As for other military deployments, the United States also maintains a military presence, which includes unmanned aerial vehicles, in Niger. There are also small detachments of U.S. Special Forces in Burkina Faso, Chad, Mali, Mauritania, and Niger. According to former Secretary of Defense James Mattis, there were at least 1,000 troops in Nigeria, Niger, and Mali during his tenure in office. Nevertheless, there are concerns that the Trump administration may decide to reduce its presence in this region in order to divert troops elsewhere to deal with other emerging threats.
Moreover, as these states are also former French colonies, they have close ties with Paris as well. France commenced its military activities in the region via Operation Barkhane in 2014, and according to the BBC, there are approximately 4,500 French troops in the region, helping Sahel troops and the UN Mission in Mali (MINUSMA).
Africa is a dynamic continent where, tragically, there is a long list of security threats that affect and torment local populations. For every positive story, such as Eritrea and Ethiopia improving bilateral ties, we hear about new security challenges, which are lately focused on the Sahel region (not that violence and the Ebola outbreak in the Democratic Republic of the Congo is any less tragic). In this scenario, extra-regional actors, from the U.S. to China, to a former colonial power like France, continue to have an active presence in Africa. The Russian Federation is a relative newcomer to this region, the USSR’s ties with Africa during the Cold War notwithstanding. However, Moscow is making up lost ground by increasing weapons sales, deploying private defense companies and also organizing a major economic summit to promote trade and investment.

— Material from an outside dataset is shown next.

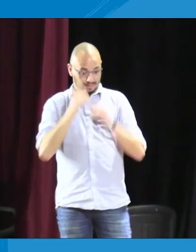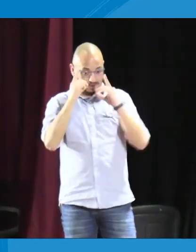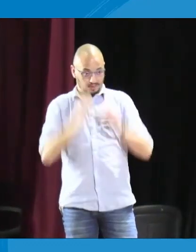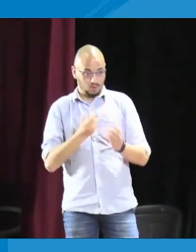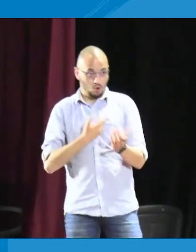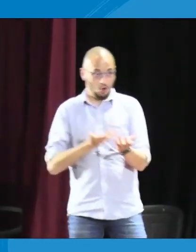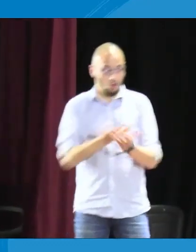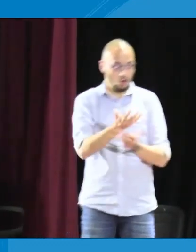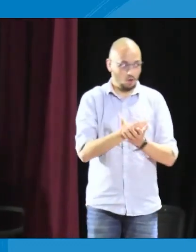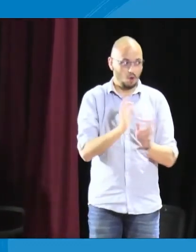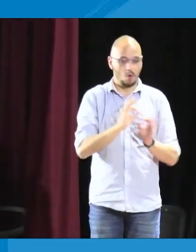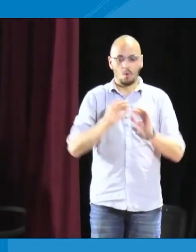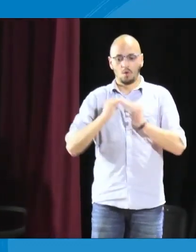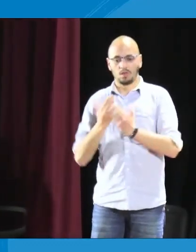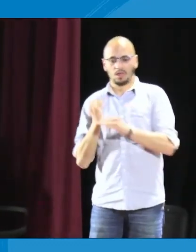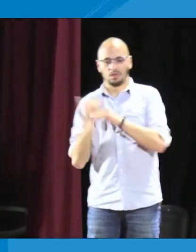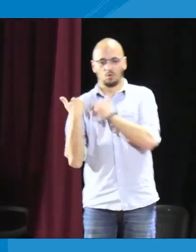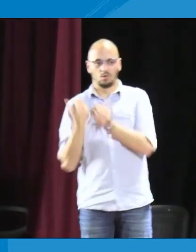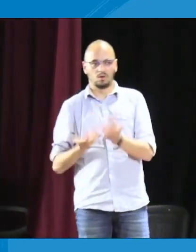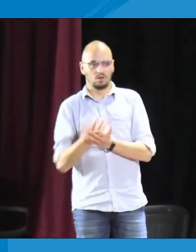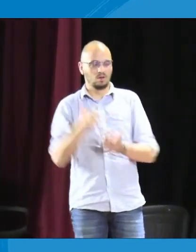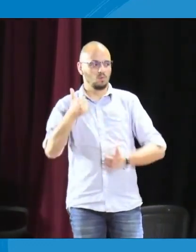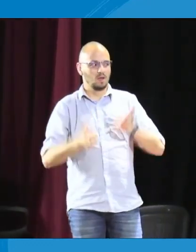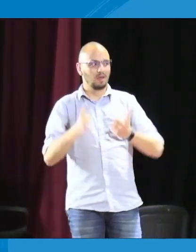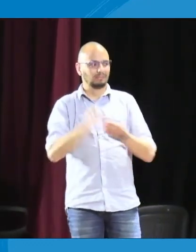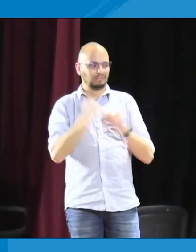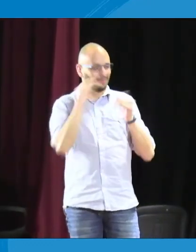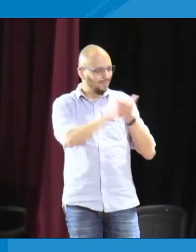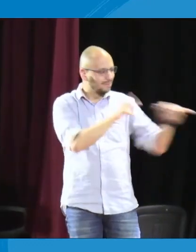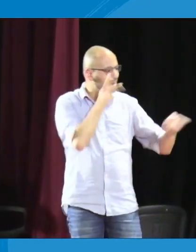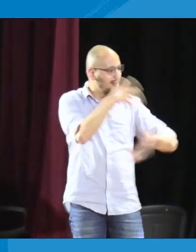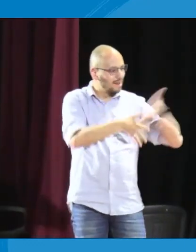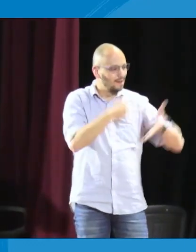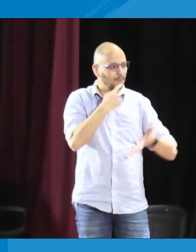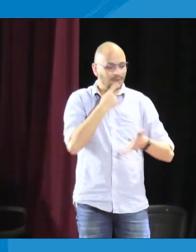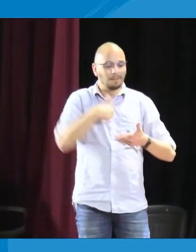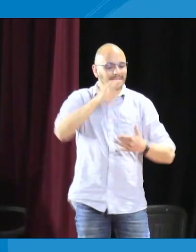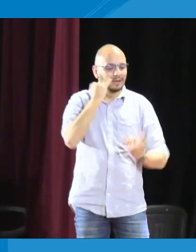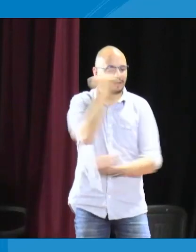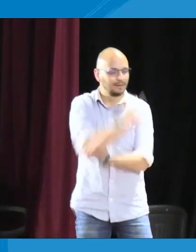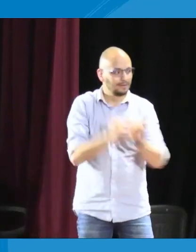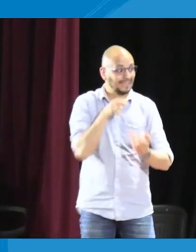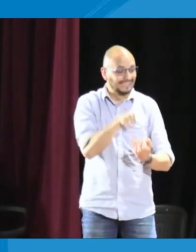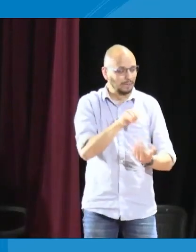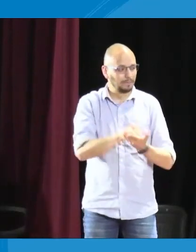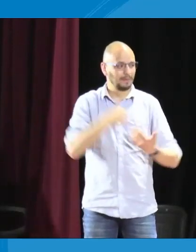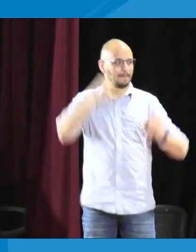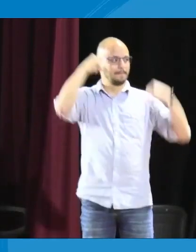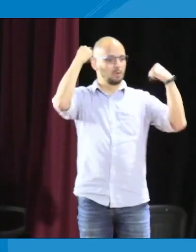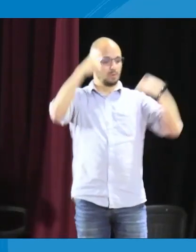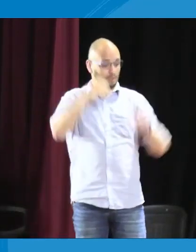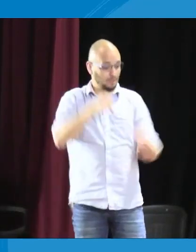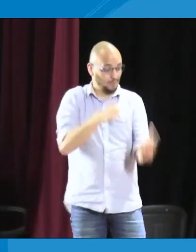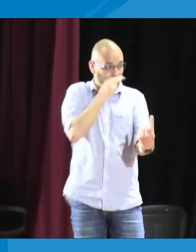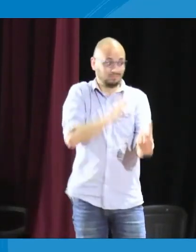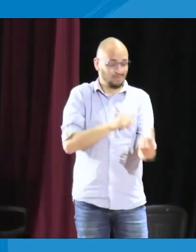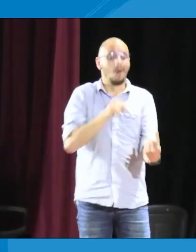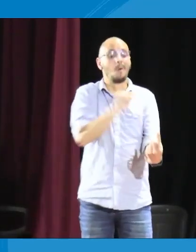mandato diferente a lo que pasa en el colegio. ¿Yo qué debo hacer? ¿Debo hacer alguna recomendación a los padres? Porque ustedes nos hablaban de la
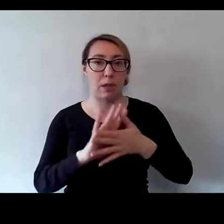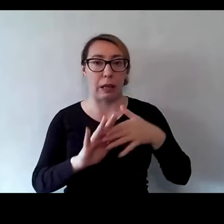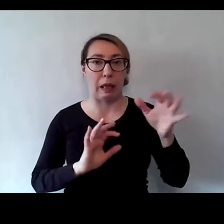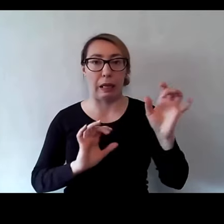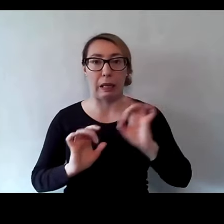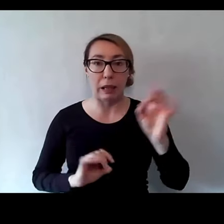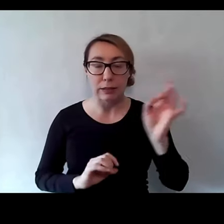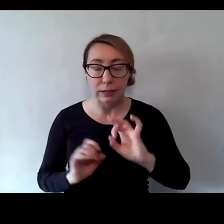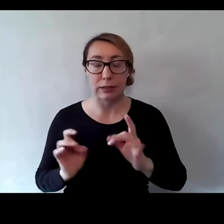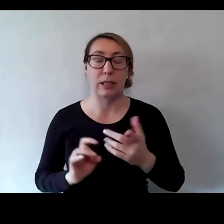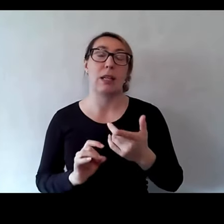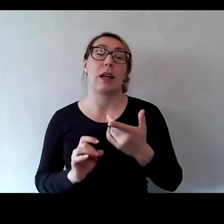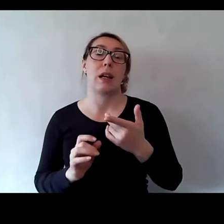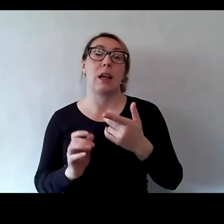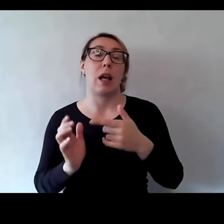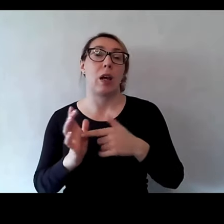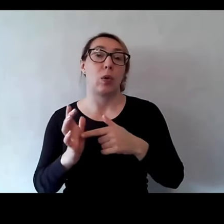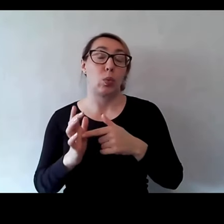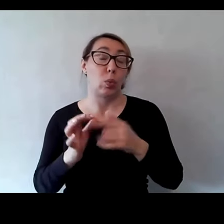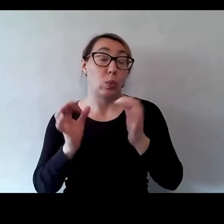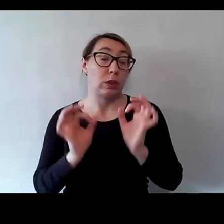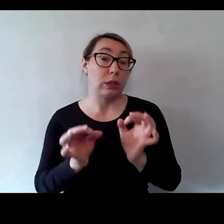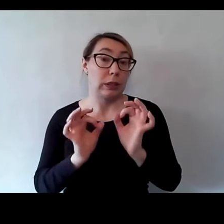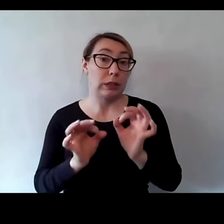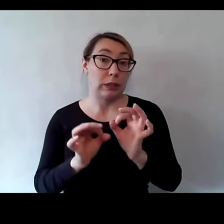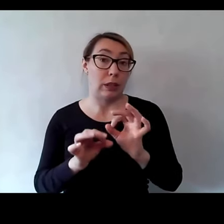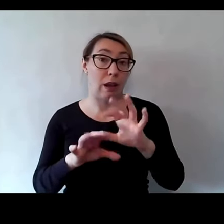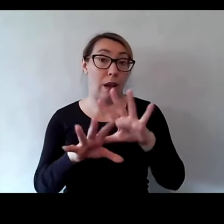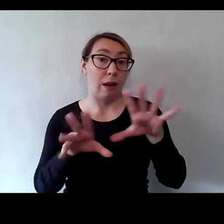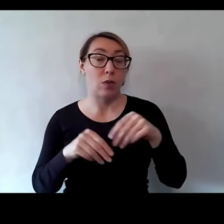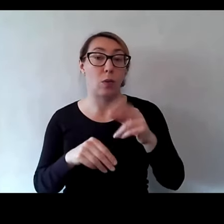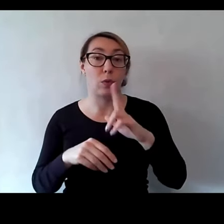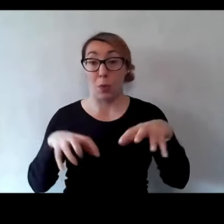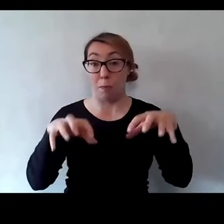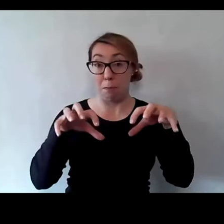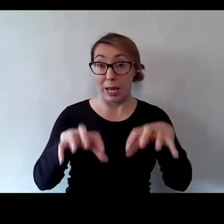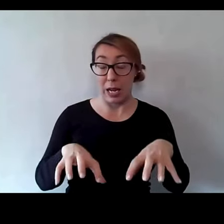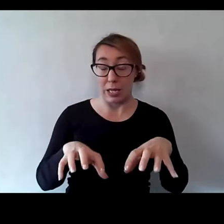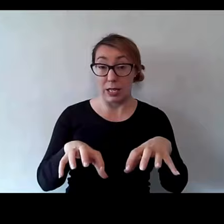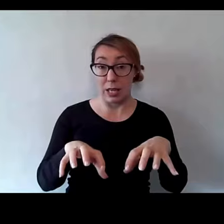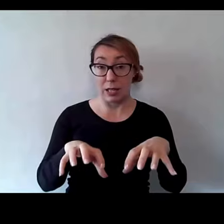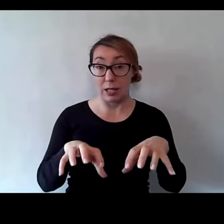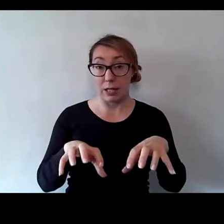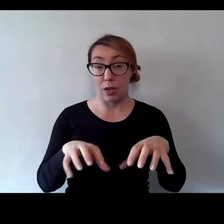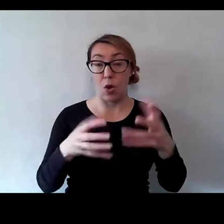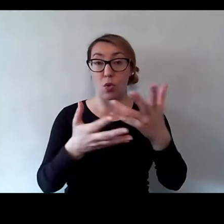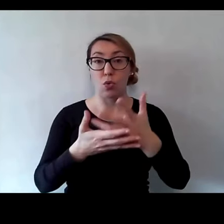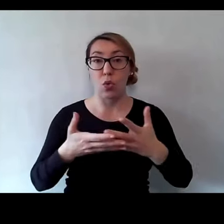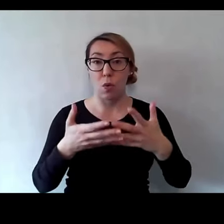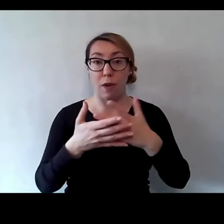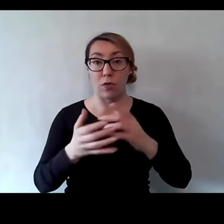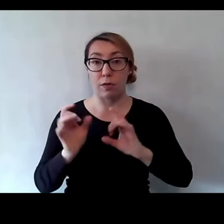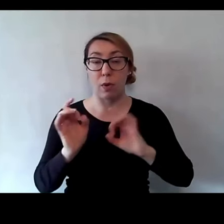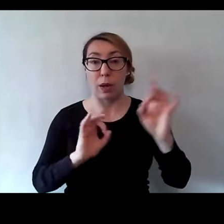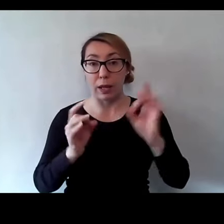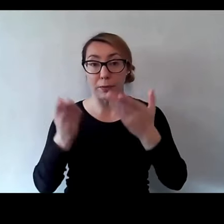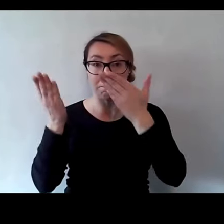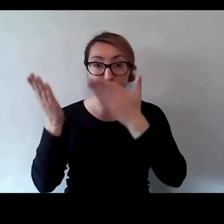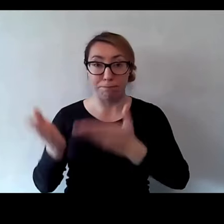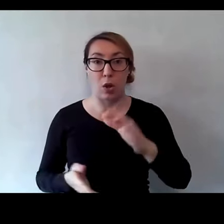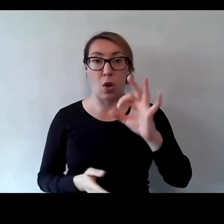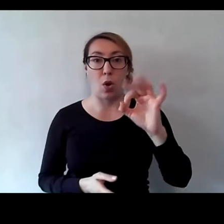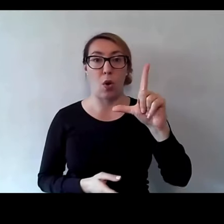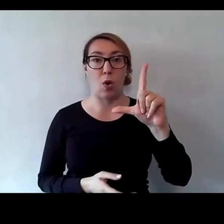GEST i będą tu dzisiaj z nami prezes Towarzystwa GEST, Olgier Kosiba.

Out of this conglomerate of geopolitical and domestic factors, extra-regional actors and ongoing challenges, whether they be security-related or political, analysts should pay particular attention to the Sahel region, particularly Burkina Faso, Chad, Mali, Mauritania, and Niger, as these governments are bearing the brunt of the consequences of instability in Libya and elsewhere.
The views expressed in this article are those of the authors alone and do not necessarily reflect those of any institutions with which the authors are associated.